After spending years in and out of hospitals, and defeating cancer twice, Sean realized that “no challenge would ever be too great or any peak too high,” he says on his website. Nearly a decade later, in 2002, and with only one workable lung because of the Askin’s surgery, Sean Swarner defeated the tallest and deadliest mountain in the world. Sean Swarner became famous as “the first cancer survivor to climb Mt. Everest.”
Since then, Sean has gone on to conquer the highest peaks in Africa, Antarctica, Australia, Europe, North America, and South America. Along with Everest in Asia, these comprise the legendary Seven Summits – the highest peak on every continent. He also completed the Ford Ironman World Championship in Kailua-Kona, HI, in 2008. And to prove that there are no barriers too tough to tackle, Sean aims to add treks to the North and South geographic and magnetic poles to his accomplishments — the “Ultimate Grand Slam” for climbers and trekkers.
What is most surprising about Sean Swarner is the fact that he is actually more than just a cancer survivor. Sean is a medical mystery. According to published reports, Sean is believed to be the only person in the world ever to have been diagnosed with both Hodgkin’s disease and Askin’s sarcoma. And to have survived both of them as a teenager, and gone on to such “heights” (pun intended), he is also a medical marvel.
Sean’s story has been published in his inspirational autobiography, Keep Climbing: How I Beat Cancer and Reached the Top of the World (Atria, 2007). The book has been praised by many other mountaineers and athletes from various disciplines, including bicycle racing champion Lance Armstrong, and Erik Weihenmayer, the first blind person to summit Mt.

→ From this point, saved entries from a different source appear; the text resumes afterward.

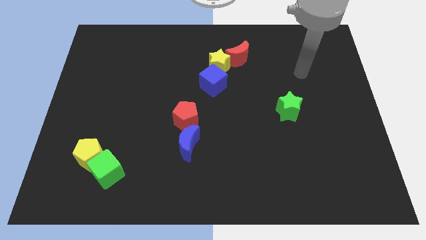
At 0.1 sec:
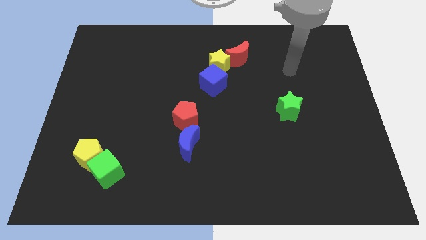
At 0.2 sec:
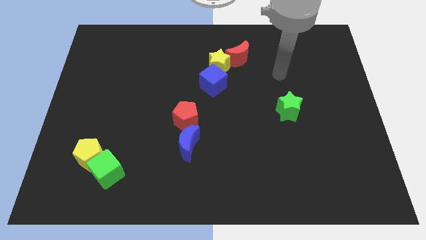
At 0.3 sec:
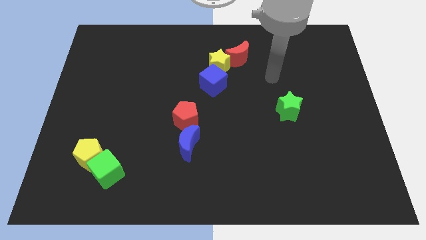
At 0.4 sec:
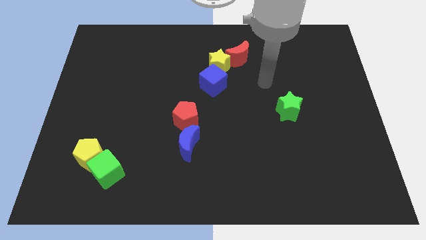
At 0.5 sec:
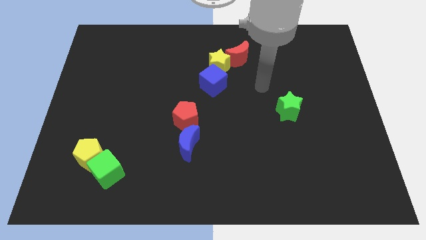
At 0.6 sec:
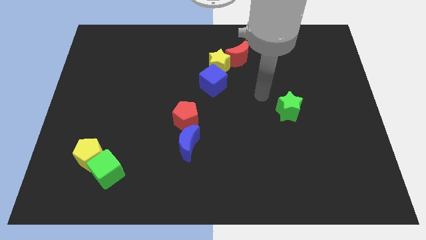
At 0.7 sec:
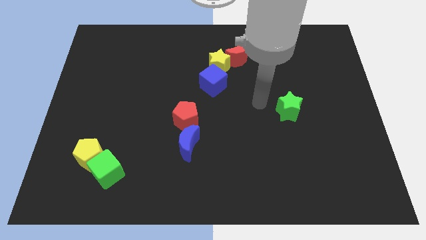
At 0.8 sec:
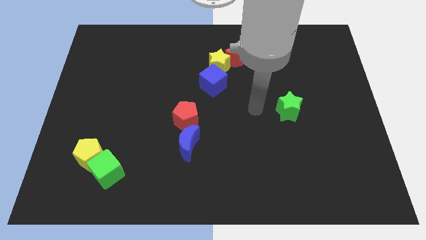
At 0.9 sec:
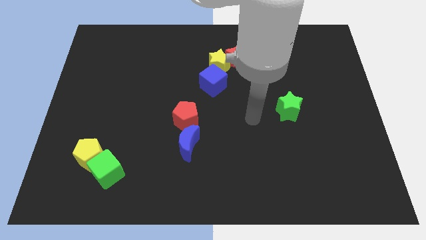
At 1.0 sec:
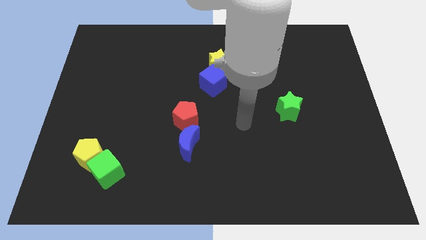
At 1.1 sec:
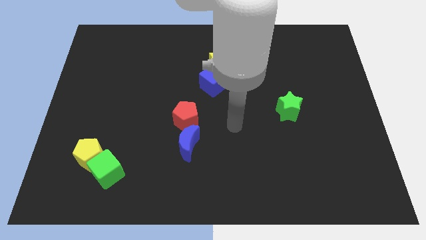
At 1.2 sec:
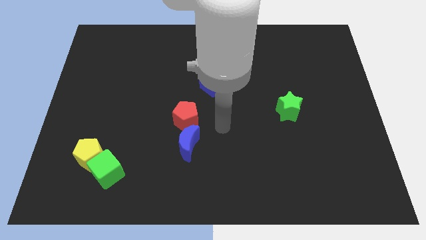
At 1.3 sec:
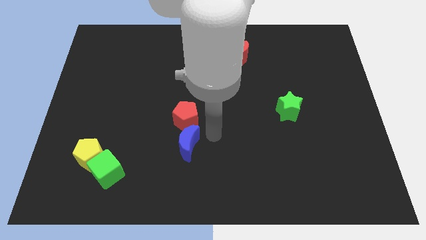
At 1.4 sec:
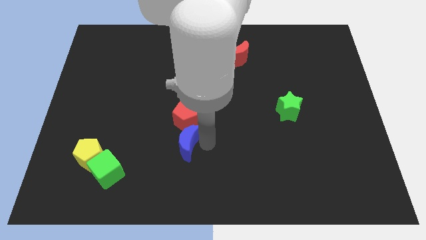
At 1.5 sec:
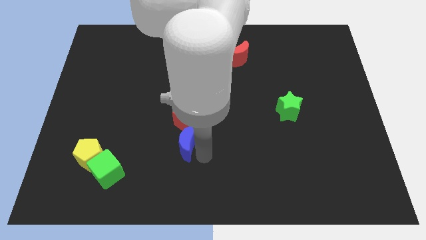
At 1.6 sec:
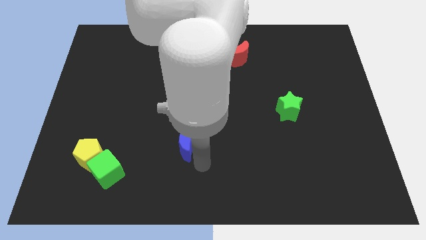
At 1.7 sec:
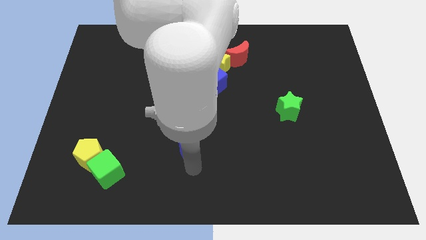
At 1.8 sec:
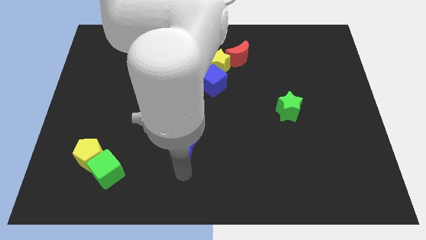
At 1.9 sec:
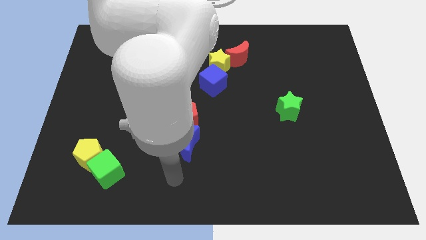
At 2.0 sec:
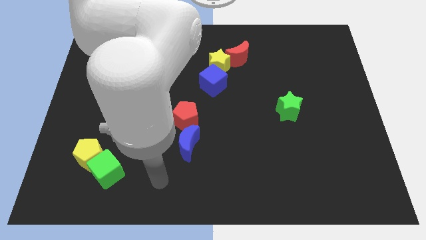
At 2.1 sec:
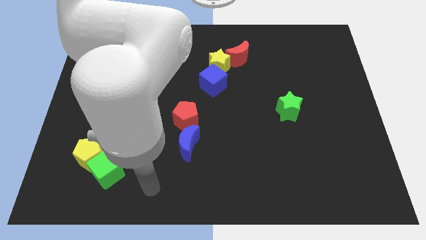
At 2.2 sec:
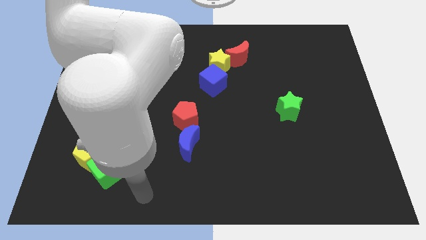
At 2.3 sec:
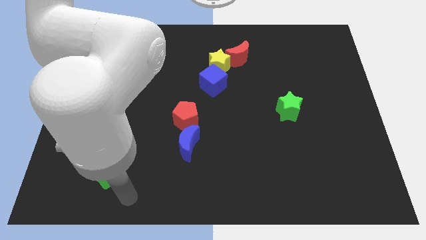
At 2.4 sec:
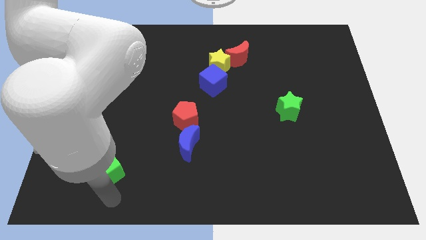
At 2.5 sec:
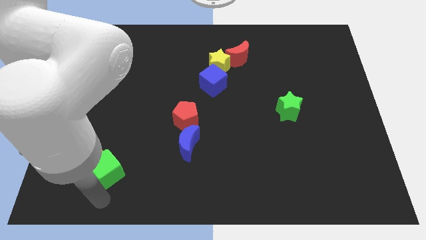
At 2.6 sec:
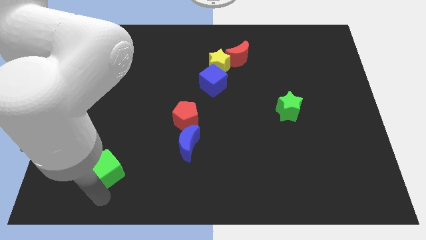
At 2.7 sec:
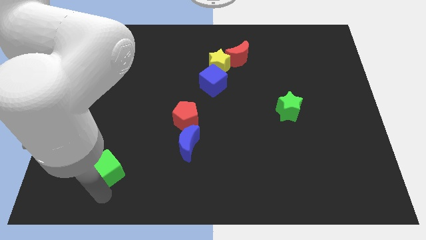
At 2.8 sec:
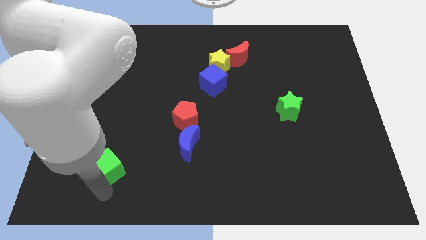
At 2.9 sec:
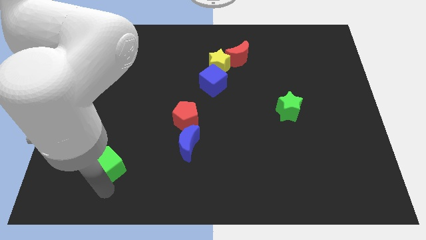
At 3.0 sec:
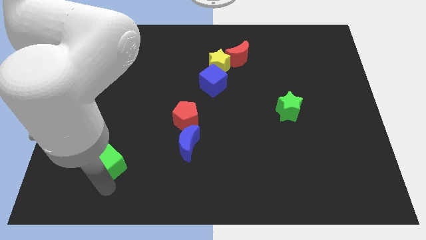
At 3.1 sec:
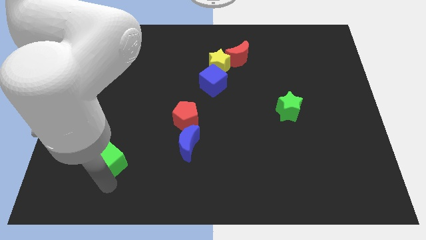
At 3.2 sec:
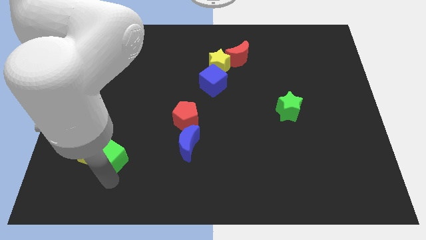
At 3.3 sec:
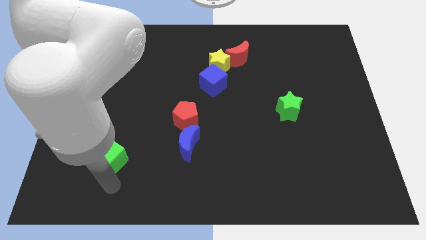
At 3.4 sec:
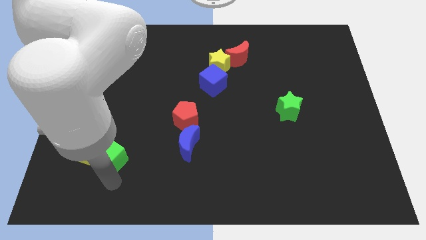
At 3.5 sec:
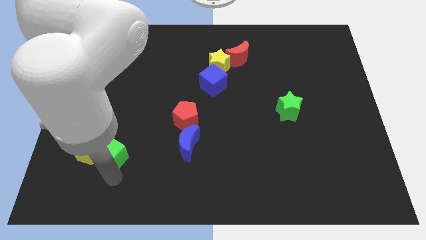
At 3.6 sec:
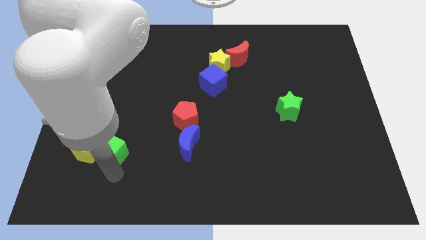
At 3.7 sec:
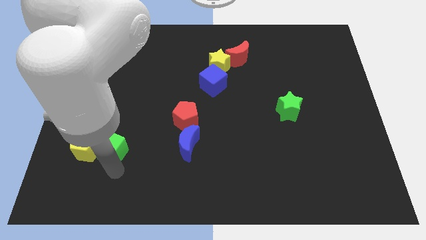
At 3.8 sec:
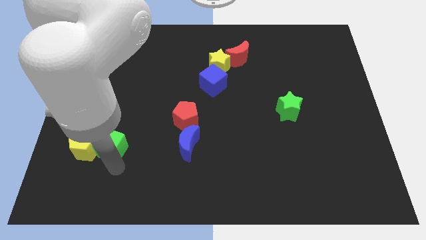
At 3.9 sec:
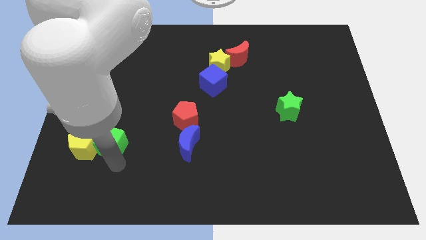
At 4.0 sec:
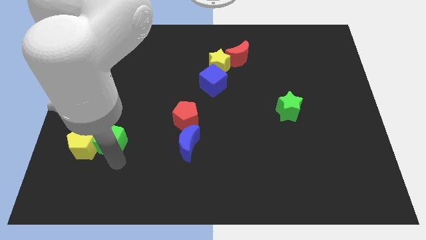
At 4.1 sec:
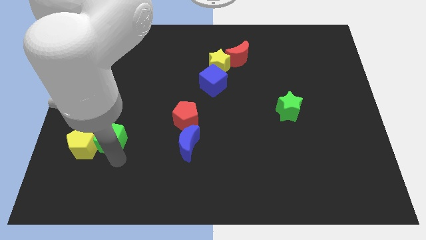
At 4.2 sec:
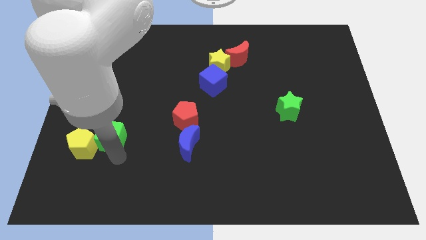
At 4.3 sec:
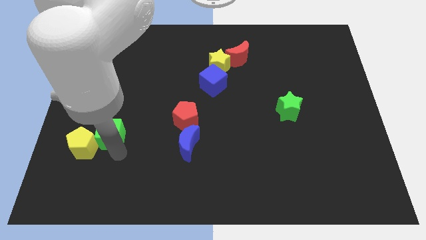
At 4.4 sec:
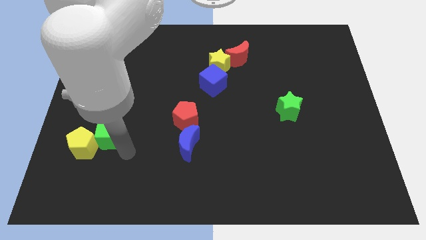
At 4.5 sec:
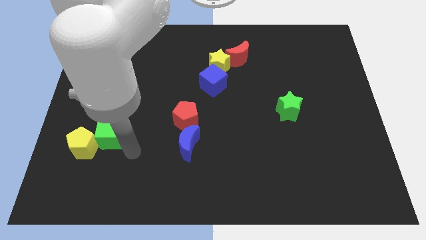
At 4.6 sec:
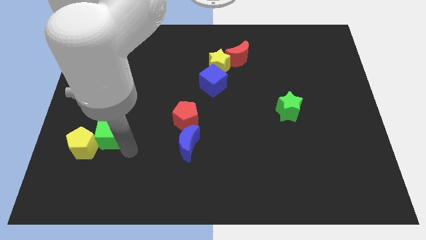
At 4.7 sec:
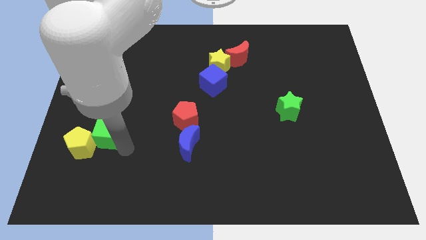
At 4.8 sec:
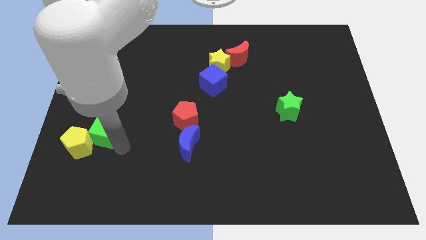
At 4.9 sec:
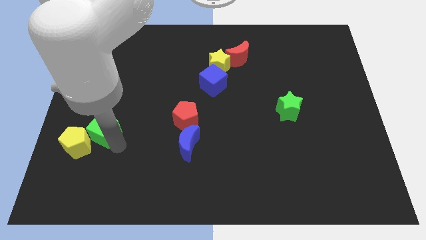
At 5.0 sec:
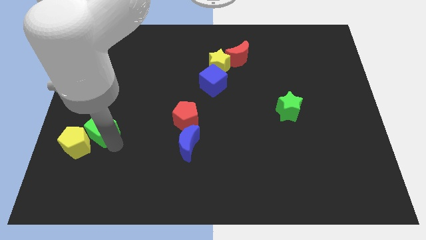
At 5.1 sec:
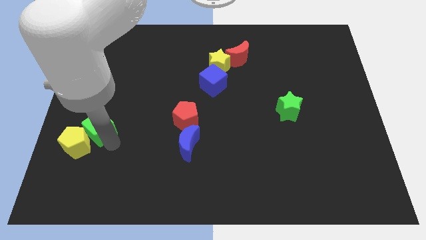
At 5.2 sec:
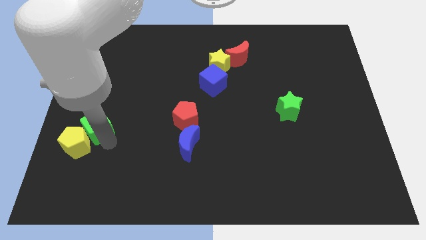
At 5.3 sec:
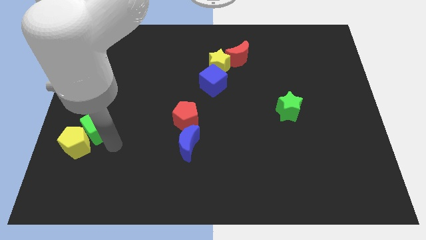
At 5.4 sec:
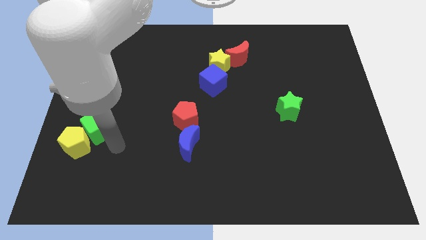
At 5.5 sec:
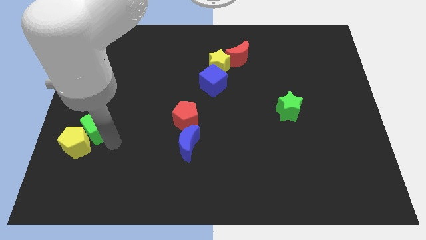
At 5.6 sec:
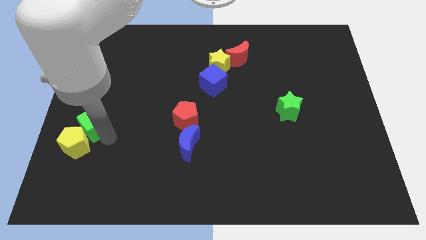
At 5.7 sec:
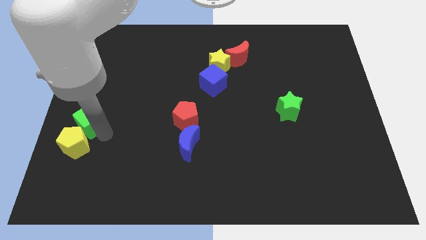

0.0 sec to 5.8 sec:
slide the green cube to the center left

Everest who we profiled in a Newsflash earlier this year.
Famed British mountaineer Sir Christopher Bonington said: “I felt very humble in reading Sean’s account — I reached the top of Everest with a long mountaineering background and without a day’s serious illness in my life. He climbed so many ‘Everests’ in his life and achieved them against all the odds by sheer guts, determination and an indomitable sense of humor. This is a great and inspiring read on so many different levels.”
Lance Armstrong, himself a cancer survivor who went on to win multiple world titles, wrote this about Sean’s accomplishments: “The thing about cancer is that it forces you to focus on what is important and pushes you to the limits of your determination. As more people survive – and even thrive – beyond a cancer diagnosis, the disease is losing its status as an automatic death sentence. In being the first cancer survivor to reach the summit of Mount Everest, Sean Swarner not only realized his dream but also gave hope to millions of people affected by cancer. He has proved, once again, that there is life beyond a cancer diagnosis and that there is always reason to believe.”
Erik Weihenmayer, who authored Touch the Top of the World about his own conquest of Everest, said: “Sean Swarner’s riveting book about surviving cancer and eventually climbing Mount Everest is a validation of life. I found myself wincing at all the agonizing cancer tests and chemo treatments, empathizing with his teenage worries and struggles, and cheering each time he emerged from ashes to triumph again. Sean’s story is one of alchemy. Miraculously, he found a way to turn lead into gold. His story should give a profound sense of hope to all the would-be alchemists who yearn not only to survive their struggles but to turn them into the fuel to climb the highest mountains.”
Sean has continued to defy the odds, and to push the limits of his own strength and endurance. He continues to share his message of “healing, hope, and triumph” with cancer patients worldwide as a motivational speaker. On his website, Sean says his presentations offer a message of hope that “taps into that motivational adrenaline rush that runs through all of us”, revealing how life can offer limitless possibilities when one meets, and overcomes, what were seemingly impossible odds.
At Novus Medical Detox Center, our clients have found their own messages of hope, and are meeting head-on what earlier seemed like impossible odds to overcome substance abuse. We are proud to help every one of them reach their goals.